The name of the locality is attested from the mid-13th century. Recorded forms include Viu en Salaz in 1250 and Cura de Vyu around 1344. An inscription on the gable of the 19th-century church gives the form Vicus in Sala.

The place name Viuz derives from Latin vicus, meaning a small settlement or village.

In Arpitan, the name of the commune is written Viu according to the Conflans orthography.

== History ==

Viuz-en-Sallaz belonged to the mandement of Thiez, which comprised the parishes of Bogève, Saint-André, Viuz and Ville-en-Sallaz. It was held by the lords of Faucigny until Arducius de Faucigny, bishop of Geneva, inherited it and left it to his successors, the bishops of Geneva.

The “land of Viuz” is mentioned on 11 April 1191 in an agreement between Bishop Nantelme and the knights Guillaume and Amédée Pofeis. The “land of Sallaz” is likewise mentioned on 29 March 1212, during a discussion between Aymon II of Faucigny and Bishop Bernard Chabert.

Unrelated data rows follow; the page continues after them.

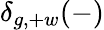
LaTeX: \delta_{g,+w}(-)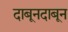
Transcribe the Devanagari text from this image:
दाबूनदाबून
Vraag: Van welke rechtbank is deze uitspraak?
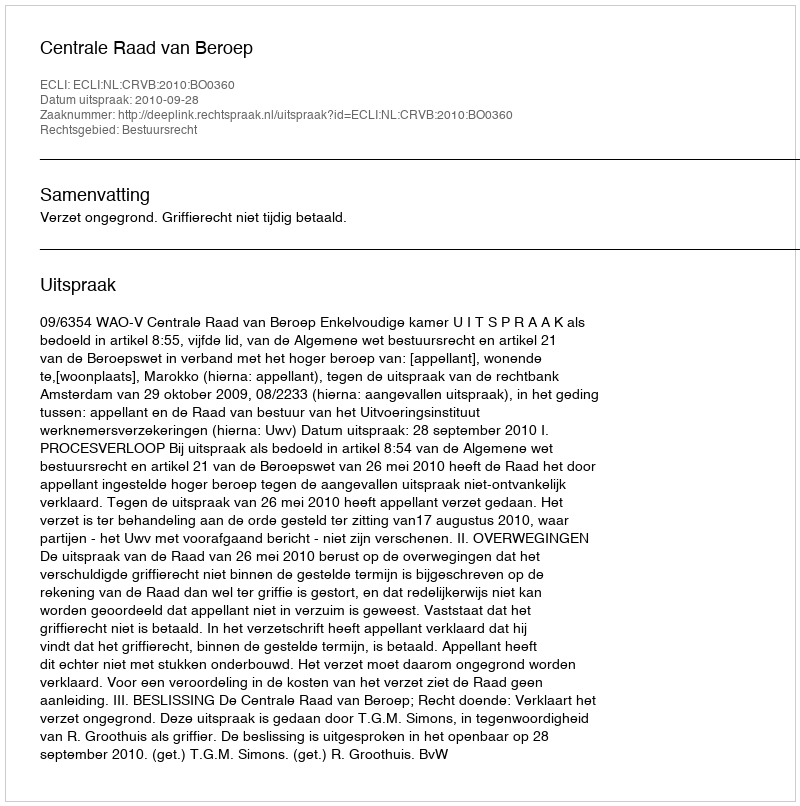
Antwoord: Centrale Raad van Beroep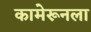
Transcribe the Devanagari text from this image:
कामेरूनला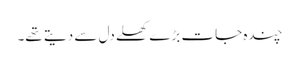
چندہ جات بڑے کھلے دل سے دیتے تھے۔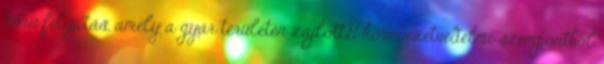
körû felújítás, amely a gyár területén zajlott,Û környezetvédelmi szempontból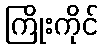
ကြိုးကိုင်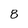
Character: 8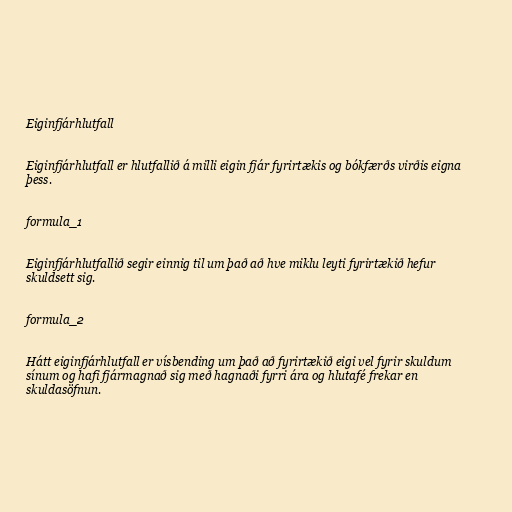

The mandement was occupied by Francis I of France in 1536 and passed to Savoy in 1539.

During the debates over the future of the Duchy of Savoy in 1860, part of the population favoured the union of northern Savoy with Switzerland. A petition circulated in Chablais, Faucigny and the northern Genevois, gathering more than 13,600 signatures, including 16 from Viuz-en-Sallaz.